Their algorithm is to, when a packet is received at time $t$, check whether a padding packet has been scheduled to be transmitted on the corresponding outgoing link.
* If it is, the padding packet is replaced with the real packet.
* If not, the real packet is scheduled at time $t + ∆$ and padding packets are scheduled at the same time on all other outgoing links.
In this way, no packet will be delayed for more than $∆$ and the scheme is optimal in that it achieves mixing with the minimal amount of padding.
**Anonymity Metrics:** . By observing – or actively attacking – an anonymous communication system, the adversary typically obtains a probability distribution linking the initiator of a communication to all possible recipients, and vice versa.
Computing the anonymity of communications in complex networks while taking into account all information available to the adversary is infeasible to do analytically [15], as it requires enumerating all possible combinations of internal states in the routers, as well as initiator-recipient relationships.
Previous comparisons of network topologies [7] avoided this problem by simplifying the
analyzed scenario – e.g., assuming that the load on each internal link within the network is exactly equal to the statistically expected load given a particular network topology.
* The Markov Chain Monte Carlo methodology recently proposed in [20] is based on sampling possible internal states and initiator-recipient correspondences that satisfy all constraints.
* This allows the efficient estimation (for a given confidence interval) of the adversary’s probability distribution, taking into account all the available information.
* The model in [20] considers high-latency threshold mix networks.
* We note that the adversary’s observation of a low-latency anonymity network that implements DLP, and has synchronous starts and ends of connections, is equivalent to that of a high-latency network made of threshold mixes.
* Therefore, the methodology can be used without major modifications to extend the analysis in [22] to consider routing constraints.
## 3 Model
**System Model:** We consider an anonymity system based on onion routing that implements dependent link padding and has synchronous starts and ends of connections.
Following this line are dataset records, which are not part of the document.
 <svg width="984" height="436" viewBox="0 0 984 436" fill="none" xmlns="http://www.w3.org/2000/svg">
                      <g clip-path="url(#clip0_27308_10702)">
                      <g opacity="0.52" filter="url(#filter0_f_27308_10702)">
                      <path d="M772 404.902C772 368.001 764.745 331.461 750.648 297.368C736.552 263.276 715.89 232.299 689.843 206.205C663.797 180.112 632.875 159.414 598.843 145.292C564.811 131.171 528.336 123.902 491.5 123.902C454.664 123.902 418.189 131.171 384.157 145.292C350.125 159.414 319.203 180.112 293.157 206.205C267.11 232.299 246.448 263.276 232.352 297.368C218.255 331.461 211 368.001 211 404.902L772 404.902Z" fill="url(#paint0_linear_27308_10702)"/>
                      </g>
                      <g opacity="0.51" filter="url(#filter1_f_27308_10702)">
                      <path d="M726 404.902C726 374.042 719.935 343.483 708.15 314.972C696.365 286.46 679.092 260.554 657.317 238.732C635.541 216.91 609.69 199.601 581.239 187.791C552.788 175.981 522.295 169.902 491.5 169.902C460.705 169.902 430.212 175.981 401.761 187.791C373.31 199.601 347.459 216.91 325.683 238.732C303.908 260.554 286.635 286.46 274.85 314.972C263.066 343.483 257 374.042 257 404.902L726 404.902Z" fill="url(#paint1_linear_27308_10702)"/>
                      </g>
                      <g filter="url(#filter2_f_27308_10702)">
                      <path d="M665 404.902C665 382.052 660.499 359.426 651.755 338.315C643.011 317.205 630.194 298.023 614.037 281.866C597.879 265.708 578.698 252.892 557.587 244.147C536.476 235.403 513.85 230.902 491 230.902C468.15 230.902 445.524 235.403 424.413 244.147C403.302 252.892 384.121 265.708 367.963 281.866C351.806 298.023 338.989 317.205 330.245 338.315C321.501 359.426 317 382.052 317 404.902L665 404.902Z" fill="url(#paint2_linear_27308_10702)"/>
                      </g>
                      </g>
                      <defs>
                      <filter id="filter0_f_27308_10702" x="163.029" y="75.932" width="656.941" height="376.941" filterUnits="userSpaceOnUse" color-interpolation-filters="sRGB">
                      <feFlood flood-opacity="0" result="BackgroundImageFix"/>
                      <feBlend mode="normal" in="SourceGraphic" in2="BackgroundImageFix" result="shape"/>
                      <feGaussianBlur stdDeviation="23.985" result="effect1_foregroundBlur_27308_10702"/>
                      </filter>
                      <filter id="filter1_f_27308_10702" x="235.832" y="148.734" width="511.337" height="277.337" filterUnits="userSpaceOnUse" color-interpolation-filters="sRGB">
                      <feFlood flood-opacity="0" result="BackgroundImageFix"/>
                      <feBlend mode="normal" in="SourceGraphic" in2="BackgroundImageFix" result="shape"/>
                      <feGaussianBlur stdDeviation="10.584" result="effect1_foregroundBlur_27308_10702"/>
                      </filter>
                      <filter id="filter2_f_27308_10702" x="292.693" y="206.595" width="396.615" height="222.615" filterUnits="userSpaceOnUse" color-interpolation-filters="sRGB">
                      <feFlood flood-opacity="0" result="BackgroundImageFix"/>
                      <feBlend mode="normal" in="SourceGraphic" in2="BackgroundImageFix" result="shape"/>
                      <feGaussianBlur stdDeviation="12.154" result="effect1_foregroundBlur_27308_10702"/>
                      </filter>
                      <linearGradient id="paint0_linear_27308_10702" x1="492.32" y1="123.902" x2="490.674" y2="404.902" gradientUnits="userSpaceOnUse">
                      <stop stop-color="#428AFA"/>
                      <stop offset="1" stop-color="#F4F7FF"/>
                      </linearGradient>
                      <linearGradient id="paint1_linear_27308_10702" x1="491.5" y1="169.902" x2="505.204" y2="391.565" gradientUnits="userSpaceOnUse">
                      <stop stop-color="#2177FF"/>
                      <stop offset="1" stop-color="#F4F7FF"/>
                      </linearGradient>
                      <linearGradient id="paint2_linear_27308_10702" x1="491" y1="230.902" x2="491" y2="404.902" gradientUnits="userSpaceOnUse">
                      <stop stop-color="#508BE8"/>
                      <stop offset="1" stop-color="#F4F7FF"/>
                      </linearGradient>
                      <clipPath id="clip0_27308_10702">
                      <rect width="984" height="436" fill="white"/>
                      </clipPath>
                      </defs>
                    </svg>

For simplicity, we assume that the path length of circuits is always three and require that all three routers in the path are distinct.
When a client wishes to make a request, the system works as follows.
* First, it constructs a route selecting three routers (nodes) from the list of all available nodes, subject to topology constraints.
* It then connects to the first node (entry,) and exchanges keys to form an encrypted tunnel.
* Over this encrypted tunnel, the client connects to the second node (middle,) and then the third node (exit,) exchanging keys at each point such that each node knows the previous and next hops, but no more.
The connection through the three nodes, along with the corresponding keys, is known as a *circuit*.
* Once the circuit is established, the client requests that the last node creates a *stream* to carry the application data.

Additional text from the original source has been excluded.